Kein Freispruch für Konstantin – aber immerhin die erste G20 Haftentschädigung!
Ausgerechnet am Dienstag den 8. Mai, am Tag der Befreiung vom deutschen Faschismus, ist der G20 Prozess gegen Konstantin mit einer Verurteilung wegen Widerstandes gegen Vollstreckungsbeamte zu Ende gegangen. Wie ja leider zu erwarten war, hat auch die Jugend-Richterin Frau Fischer sich dem Druck der Politik gebeugt, allen voran Olaf Scholz‘ Ansage, sämtliche „G20-Chaoten“ hart und streng zu bestrafen.
Am letzten, dem 16. Verhandlungstag gegen den jungen NoG20 Aktivisten Konstantin aus Moskau verließ sie zudem den eigentlich ganz ausgeglichenen Konsens der Souveränität und brachte eine völlig überflüssige Aggressivität und aufgeheizte Stimmung in den Gerichtssaal.

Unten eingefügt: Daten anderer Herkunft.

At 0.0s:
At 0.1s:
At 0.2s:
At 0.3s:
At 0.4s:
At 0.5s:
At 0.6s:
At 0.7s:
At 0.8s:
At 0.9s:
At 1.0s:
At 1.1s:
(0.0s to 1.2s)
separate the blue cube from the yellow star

So stachelte sie unnötiger Weise die eh schon ziemlich unerträglichen Saaldiener auf, ständig an den Prozessbesucher*innen und Freund*innen Konstantins rumzumäkeln und mit Rauswurf zu bedrohen. Eine Aktivistin musste im Laufe der Verhandlung den Saal verlassen, weil sie angeblich gekichert haben soll. Zudem versuchten die Justizbeamten die Öffentlichkeit nach Urteilsverkündung aus dem Raum zu nötigen, obwohl die Richterin gerade Konstantins Verteidiger einen Lügner genannt hatte, was dieser selbstverständlich nicht unwidersprochen auf sich sitzen lassen konnte. Natürlich bestanden alle Anwesenden darauf, diesem interessanten Schlagabtausch beizuwohnen. Also kurzum, es war ein recht unerquickliches Verhalten, was sie auf den letzten Metern an den Tag legte, umso unverständlicher, da eh alle mit einer (Teil-) Verurteilung gerechnet hatten und von daher eher stoisch ihrer Urteilsbegründung lauschten.

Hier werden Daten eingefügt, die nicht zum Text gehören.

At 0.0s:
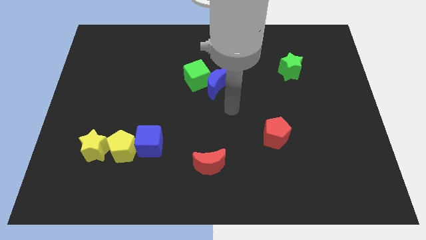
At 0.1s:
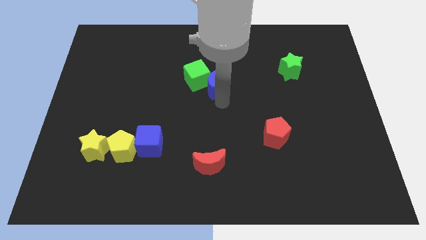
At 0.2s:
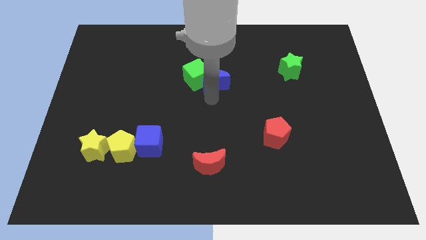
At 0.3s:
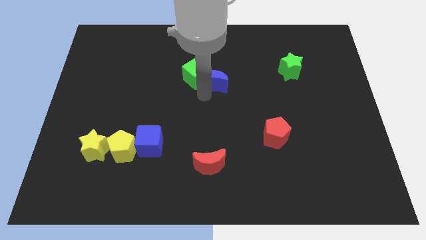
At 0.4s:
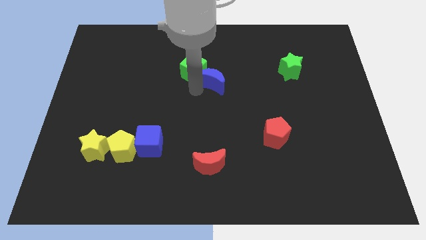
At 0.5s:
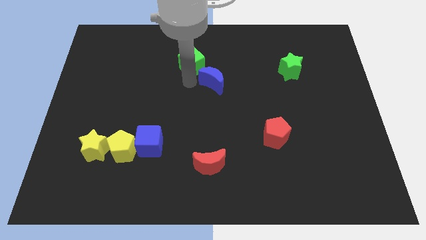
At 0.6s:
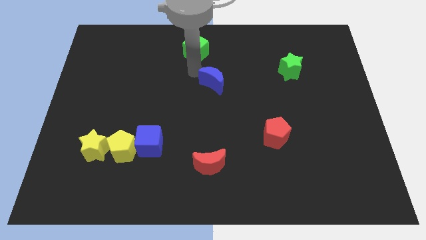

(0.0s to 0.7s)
pull the blue moon apart from the green cube

So endete Konstantins Prozess, der am 18. Oktober mit vier Anklagepunkten begonnen hatte, also mit, wenn man so will, drei Freisprüchen und einer Verurteilung, falls man dem ganzen Irrsinn noch etwas Positives abgewinnen will. Freigesprochen wurde er vom Vorwurf der versuchten Körperverletzung (Flaschenwerfen, Flaschenwerfen), da das Tragen von hellen Turnschuhen und Sneaker-Socken für eine Verurteilung dann doch nicht ausreichte, was aber ja auch schon längst fallengelassen worden war. Der daraus resultierende Vorwurf eines Angriffes auf Polizeibeamte war damit natürlich auch freizusprechen und an den Vorwurf des „Grimassenschneidens“ bei der Lichtbildanfertigung, nachts, in Handschellen, auf einer Tankstelle, hatten sich nicht mal mehr die hessischen BFEler erinnern können. So war dieser Anklagepunkt des Widerstandes auch freizusprechen. Nun blieb ja nur die „Festnahmesituation“ an sich übrig, um überhaupt ein strafbares Verhalten zu konstruieren und so lautete die Verurteilung: Widerstand gegen Vollstreckungsbeamte, durch Mit-den-Füßen-Strampeln und Anspannen der Muskeln, am Boden liegend, so dass die Beweissicherungs- und Festnahme-Einheit, kurz BFE, ihm sogar Handschellen anlegen „mussten“. Sei’s drum.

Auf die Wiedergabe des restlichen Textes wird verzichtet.